**** Input material ****

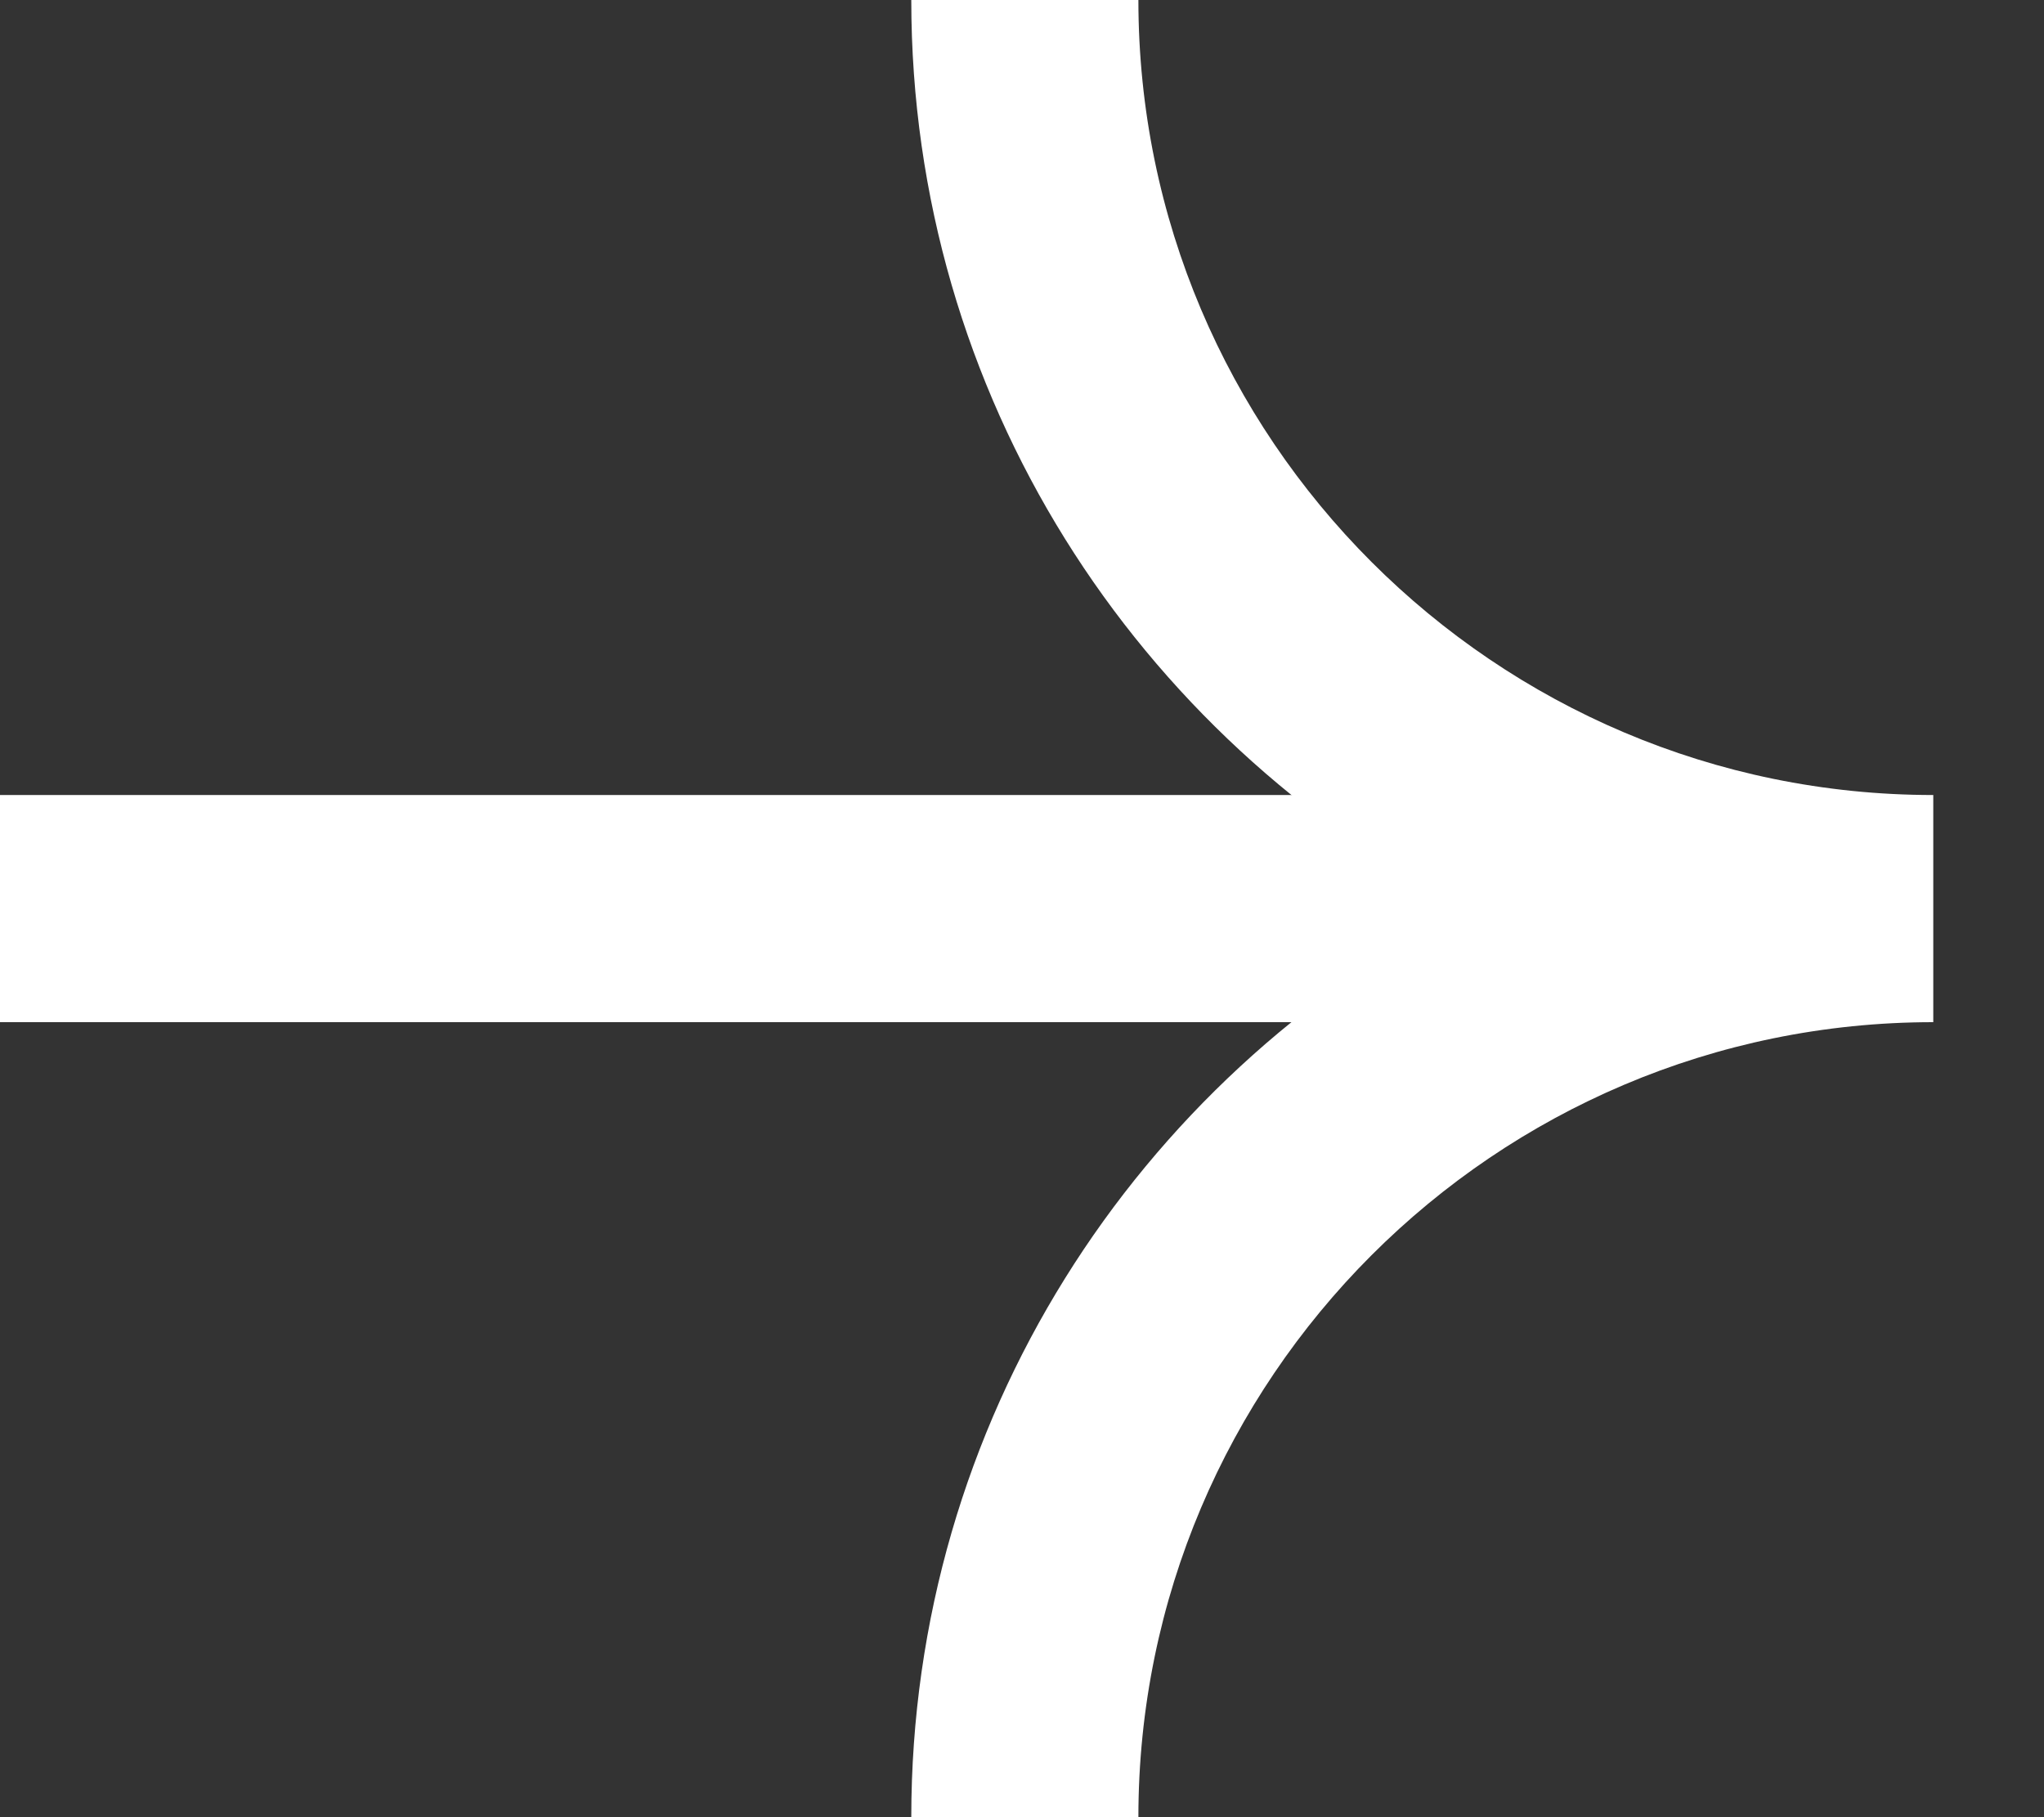 <svg width="18" height="16" viewBox="0 0 18 16" fill="none" xmlns="http://www.w3.org/2000/svg">
<rect x="0" y="0" width="18" height="16" fill="#333333" stroke="none"/>
<path fill-rule="evenodd" clip-rule="evenodd" d="M15.764 9H0V7H15.764V9Z" fill="white"/>
<path fill-rule="evenodd" clip-rule="evenodd" d="M10.025 0C10.025 3.86 13.165 7 17.025 7V9C13.165 9 10.025 12.14 10.025 16H8.025C8.025 12.52 10.008 9.497 12.903 8C10.008 6.503 8.025 3.48 8.025 0H10.025Z" fill="white"/>
</svg>

****

> **Activity**:
The reply must consist solely of the lines from the one containing "0C10.025 3.86 13.165" through the last line of the data, reproduced exactly.

> **Solution for this exercise**:
<path fill-rule="evenodd" clip-rule="evenodd" d="M10.025 0C10.025 3.86 13.165 7 17.025 7V9C13.165 9 10.025 12.14 10.025 16H8.025C8.025 12.52 10.008 9.497 12.903 8C10.008 6.503 8.025 3.48 8.025 0H10.025Z" fill="white"/>
</svg>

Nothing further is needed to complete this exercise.